ThisCirebon – Sepekan terakhir, publik Cirebon Raya digegerkan dengan kasus korupsi yang melibatkan Kepala Desa Mancagar, Kecamatan Lebakwangi, Kabupaten Kuningan. Kepala desa berinisial ZS (66) ini ditangkap oleh aparat Polres Kuningan karena dugaan penyalahgunaan dana desa senilai Rp 1,09 miliar. Dana tersebut seharusnya digunakan untuk pembangunan infrastruktur, program sosial, dan kesejahteraan masyarakat desa.
Berdasarkan hasil audit Inspektorat Kabupaten Kuningan, ZS diduga melakukan sejumlah penyimpangan. Modus operandi yang ditemukan meliputi:
Tidak menyalurkan dana desa ke pelaksana proyek pembangunan fisik maupun non-fisik.
Membuat laporan pertanggungjawaban (LPJ) palsu seolah semua kegiatan telah selesai.
Pembayaran berlebih (overpayment) untuk beberapa kegiatan yang seharusnya tidak memerlukan biaya tambahan.
Kekurangan volume pekerjaan pada proyek tertentu.
Selain itu, dana desa disalahgunakan untuk kepentingan pribadi, termasuk membayar utang bank, yang dilakukan bersama seorang anggota keuangan desa (kaur keuangan). Barang bukti yang diamankan polisi antara lain buku tabungan, rekening koran, dokumen SPJ, kwitansi, dan sejumlah uang tunai. Pelaku sempat mengembalikan sebagian dana desa senilai Rp 20 juta, namun jumlah ini jauh dari total kerugian negara.

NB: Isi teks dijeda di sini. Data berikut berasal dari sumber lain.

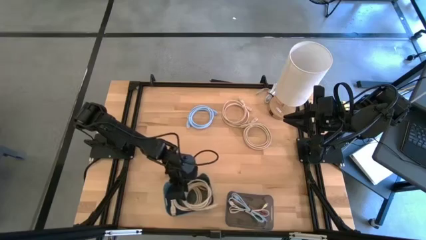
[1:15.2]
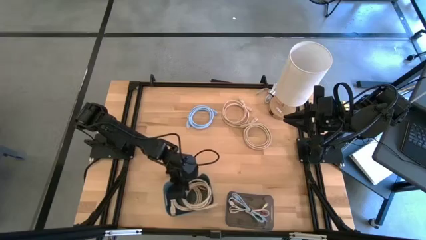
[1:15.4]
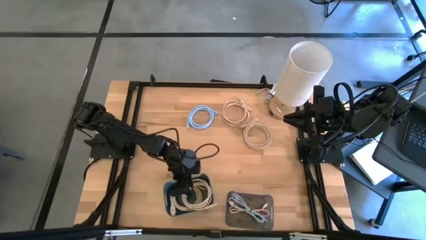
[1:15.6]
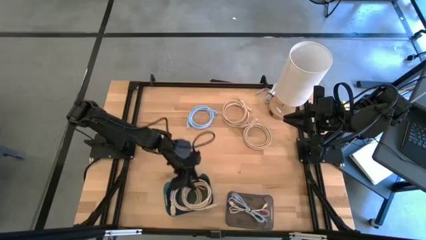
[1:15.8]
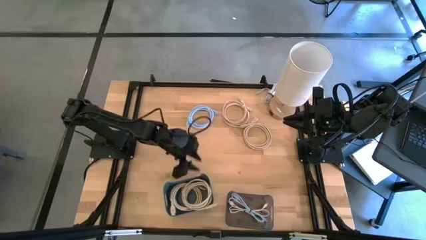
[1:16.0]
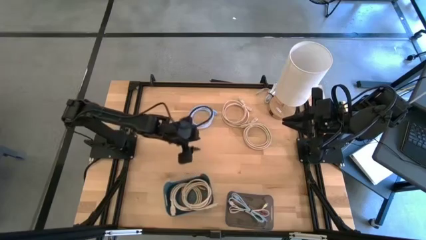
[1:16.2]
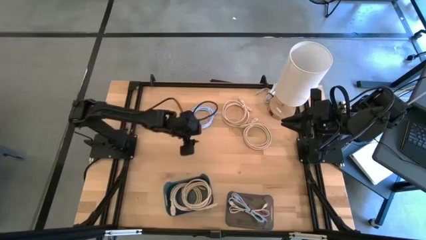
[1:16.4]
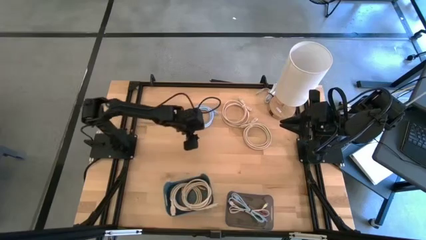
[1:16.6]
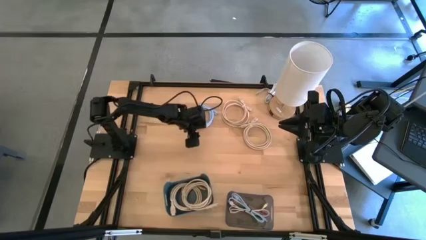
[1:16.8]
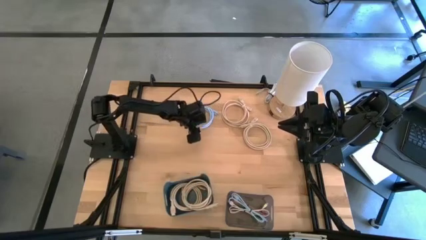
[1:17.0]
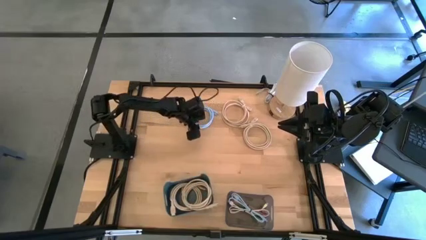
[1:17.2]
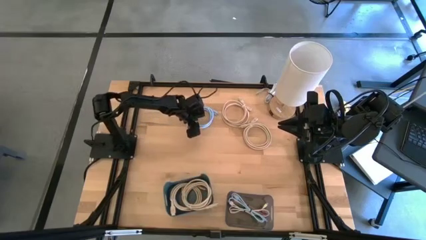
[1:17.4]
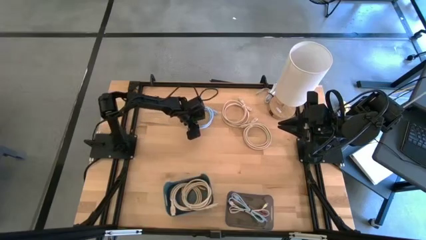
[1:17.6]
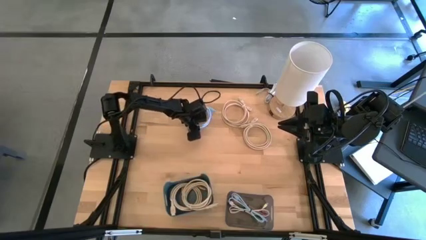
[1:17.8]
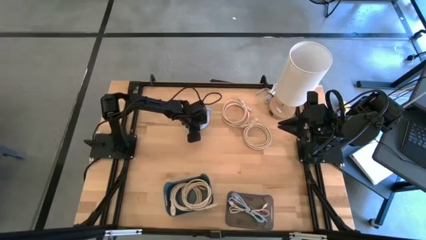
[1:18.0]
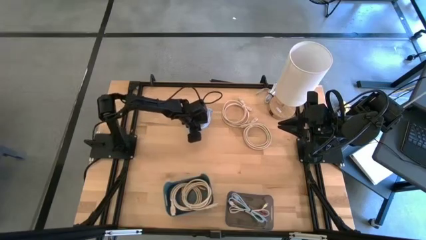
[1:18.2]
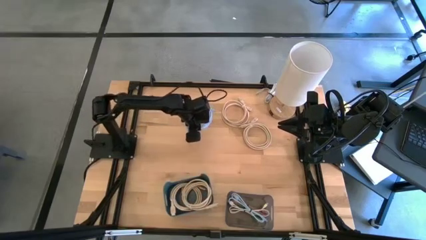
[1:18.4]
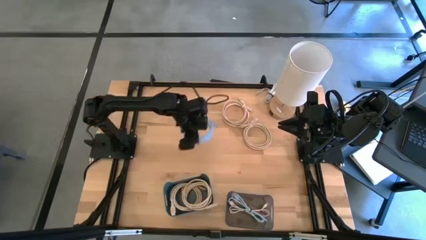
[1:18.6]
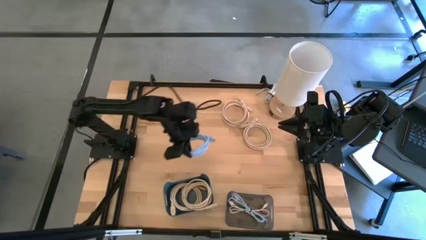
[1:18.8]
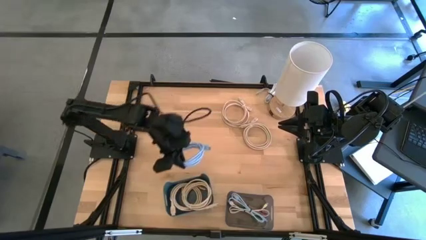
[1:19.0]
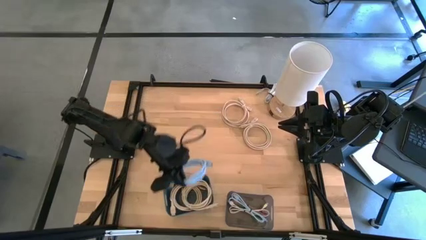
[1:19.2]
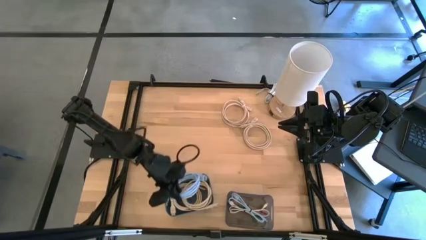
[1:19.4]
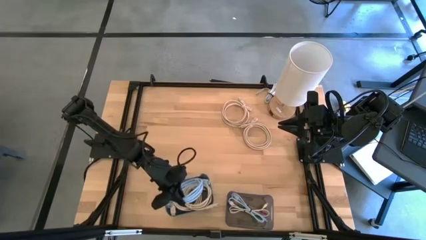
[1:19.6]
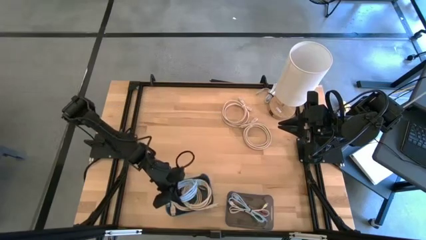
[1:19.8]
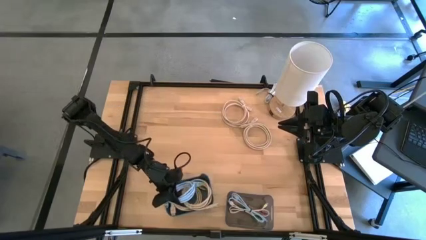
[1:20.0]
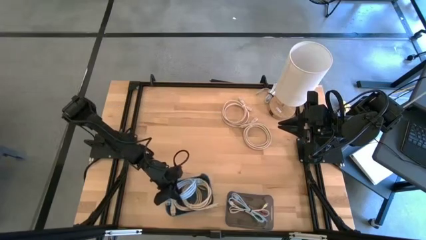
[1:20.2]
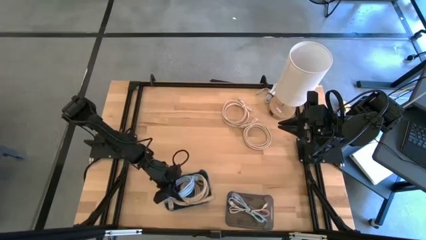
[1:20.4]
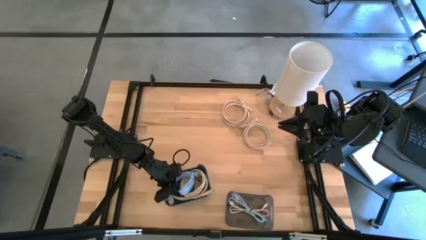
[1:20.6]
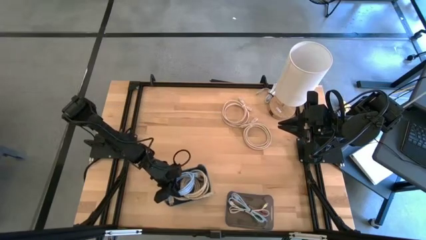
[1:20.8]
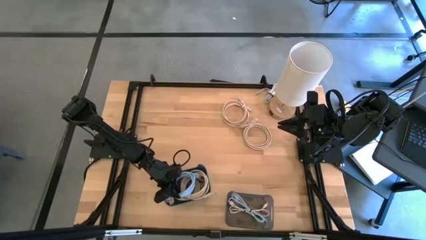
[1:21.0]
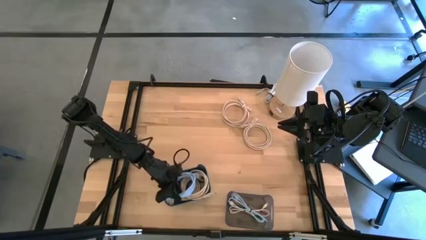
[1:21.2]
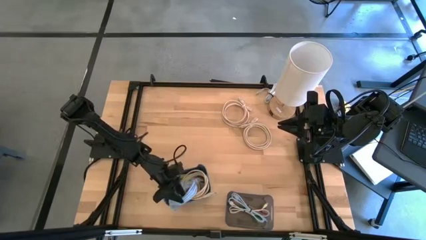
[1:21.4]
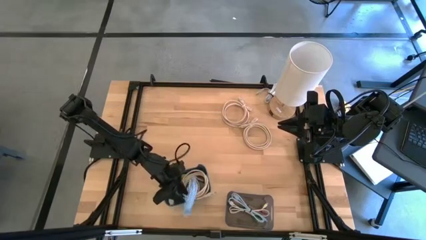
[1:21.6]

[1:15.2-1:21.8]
Put the blue HDMI cable into the blue bin

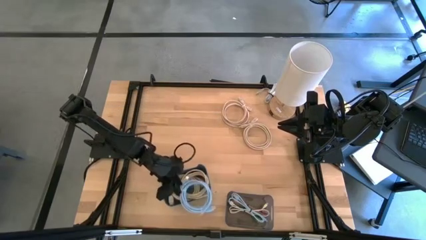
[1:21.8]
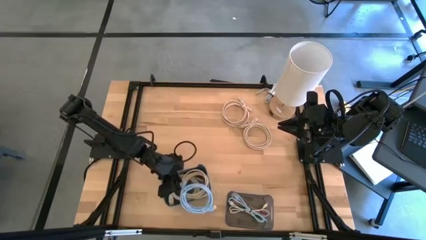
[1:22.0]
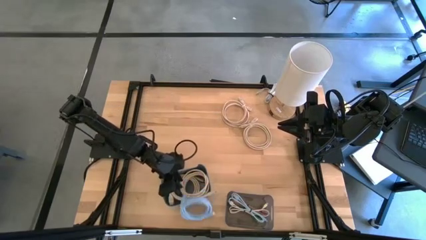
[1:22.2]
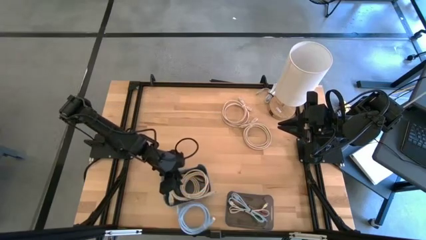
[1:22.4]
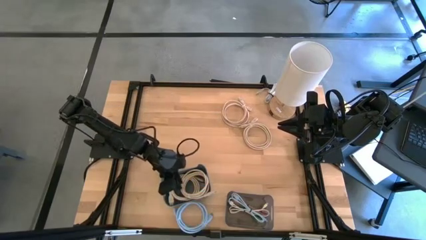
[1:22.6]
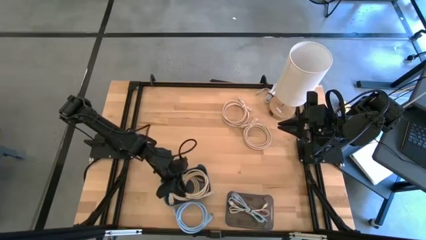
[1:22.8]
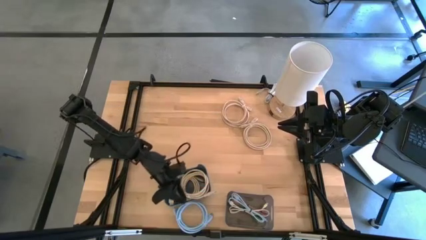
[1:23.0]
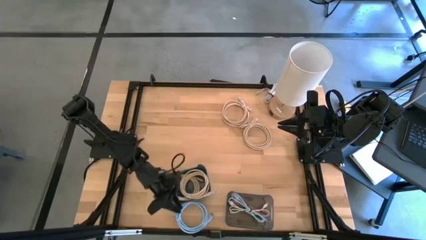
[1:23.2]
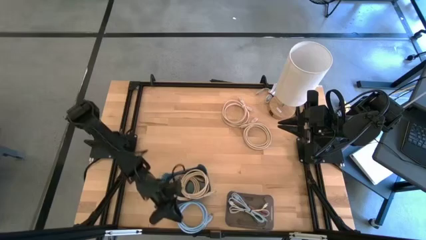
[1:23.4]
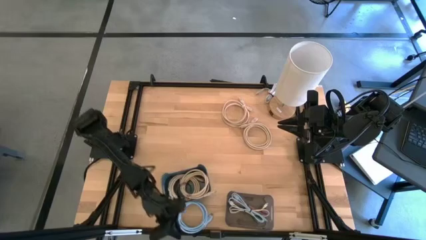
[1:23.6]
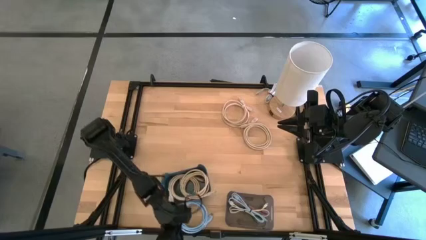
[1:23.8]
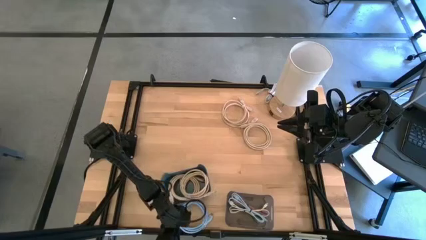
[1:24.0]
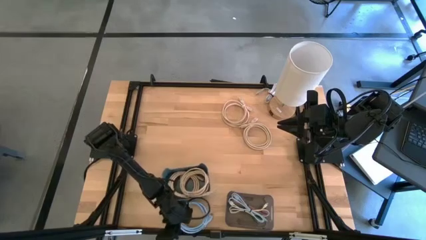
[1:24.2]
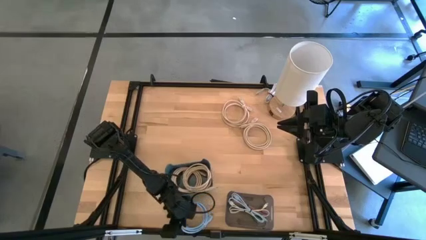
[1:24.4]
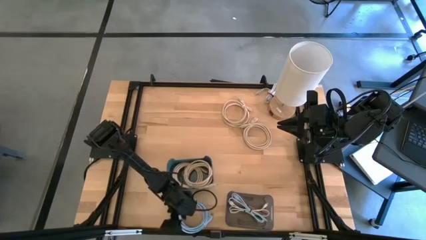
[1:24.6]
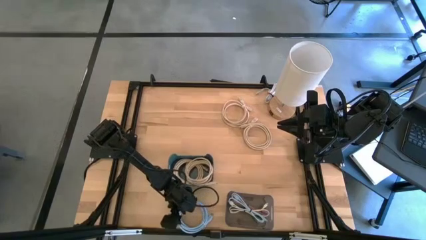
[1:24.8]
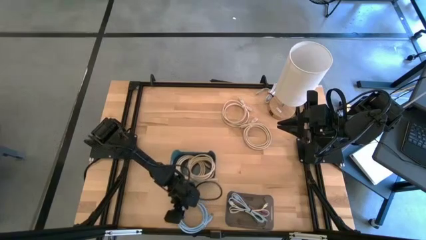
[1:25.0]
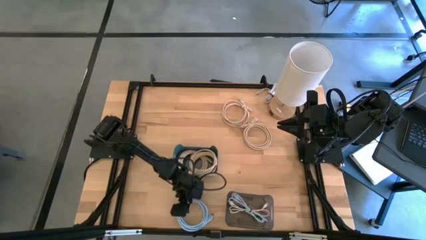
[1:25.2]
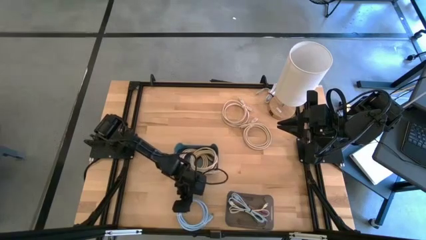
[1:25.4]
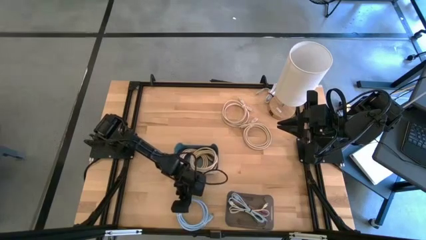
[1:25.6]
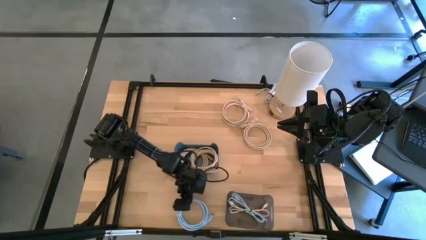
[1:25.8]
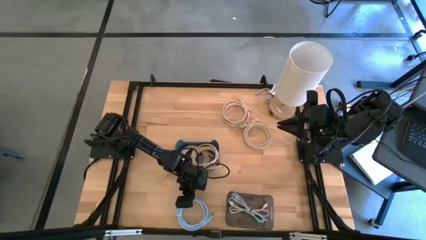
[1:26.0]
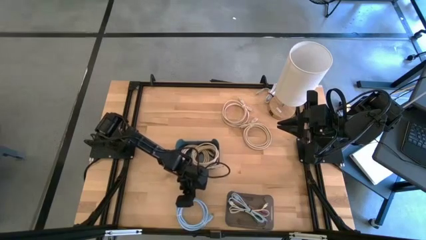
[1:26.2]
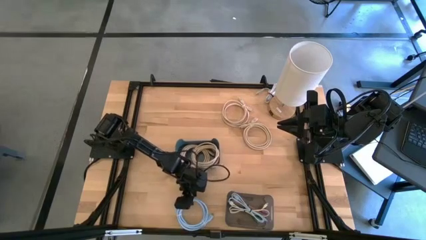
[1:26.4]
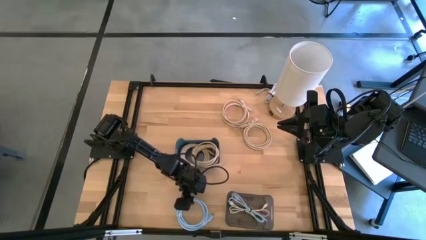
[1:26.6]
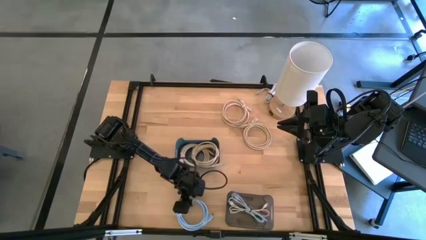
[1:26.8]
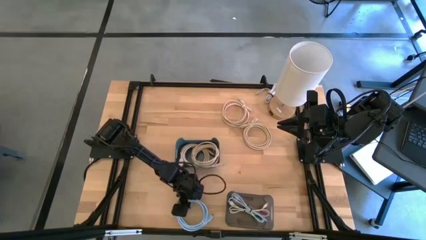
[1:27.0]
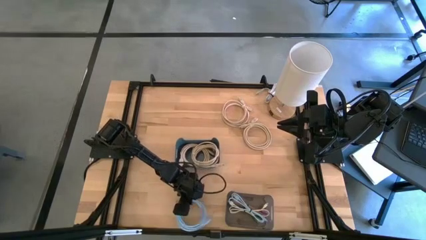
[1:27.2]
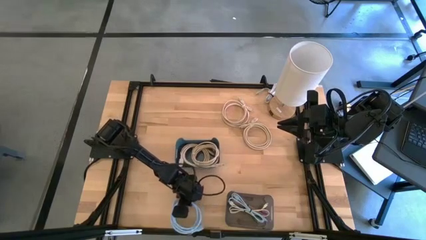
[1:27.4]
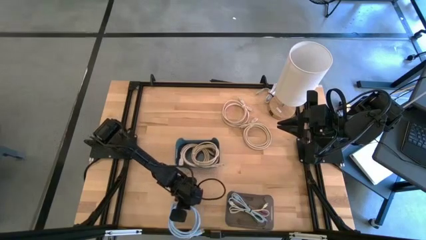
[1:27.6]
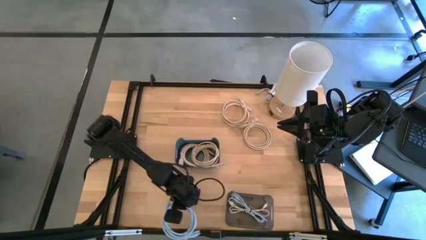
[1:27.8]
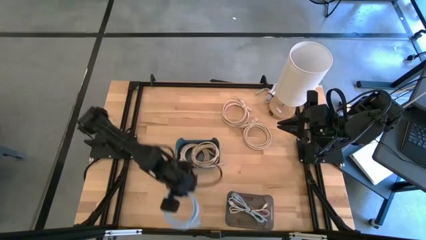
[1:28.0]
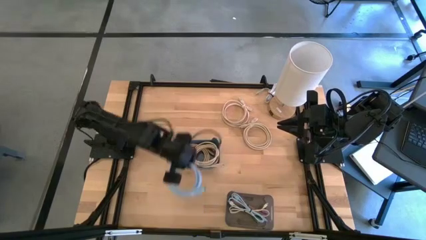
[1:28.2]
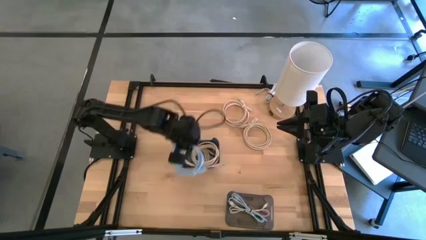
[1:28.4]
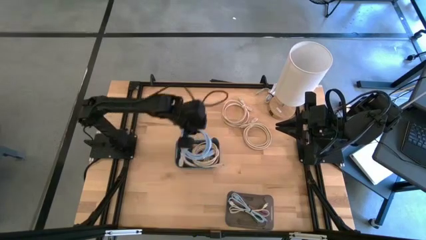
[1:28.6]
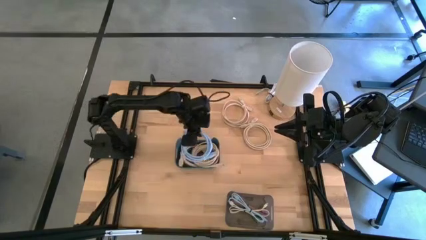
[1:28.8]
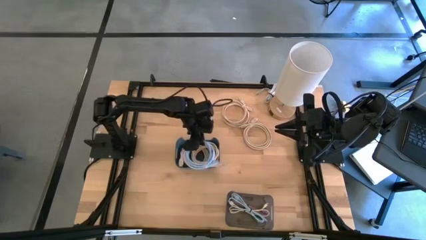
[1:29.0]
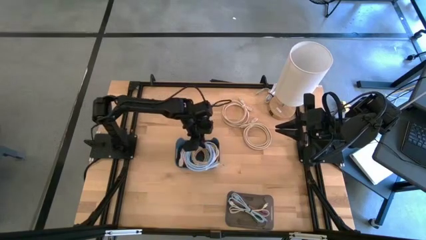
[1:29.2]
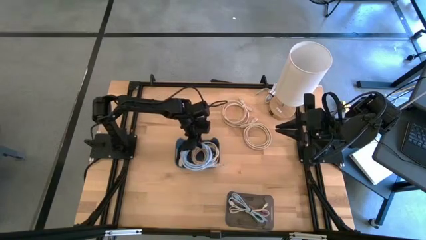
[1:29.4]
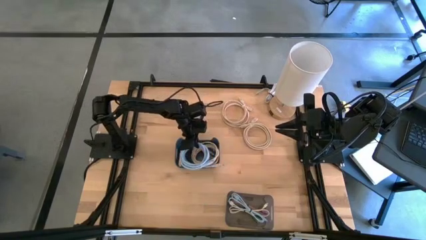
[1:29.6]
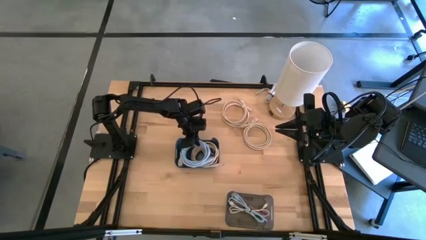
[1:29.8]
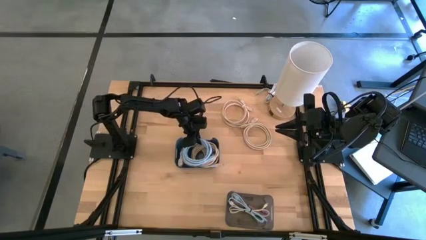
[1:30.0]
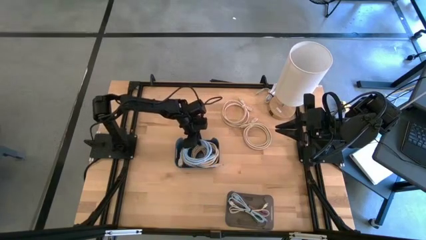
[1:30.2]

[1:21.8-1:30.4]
Put the blue HDMI cable into the blue bin

Dalam proses hukum, ZS dijerat dengan pasal-pasal dalam UU Tipikor dan KUHP (Pasal 55 dan 64), dengan ancaman hukuman hingga 20 tahun penjara. Kapolres Kuningan menegaskan bahwa transparansi dan akuntabilitas pengelolaan dana desa sangat penting agar kasus penyalahgunaan anggaran seperti ini tidak terulang.
Kasus ini menjadi peringatan bagi seluruh kepala desa dan aparat desa di wilayah Kuningan maupun sekitarnya. Pengawasan ketat, audit rutin, dan pelaporan yang jujur sangat penting untuk mencegah penyalahgunaan dana desa. Mengingat dana desa adalah hak publik, setiap tindakan korupsi berdampak langsung terhadap pembangunan dan kesejahteraan warga desa.
Selain proses hukum terhadap ZS, polisi juga masih menelusuri kemungkinan keterlibatan pihak lain yang mengetahui atau membantu tindak pidana ini. Kasus Kades Mancagar menjadi sorotan masyarakat karena nilai kerugian yang besar dan implikasinya bagi warga desa, sekaligus menekankan pentingnya pengelolaan dana desa secara transparan dan bertanggung jawab.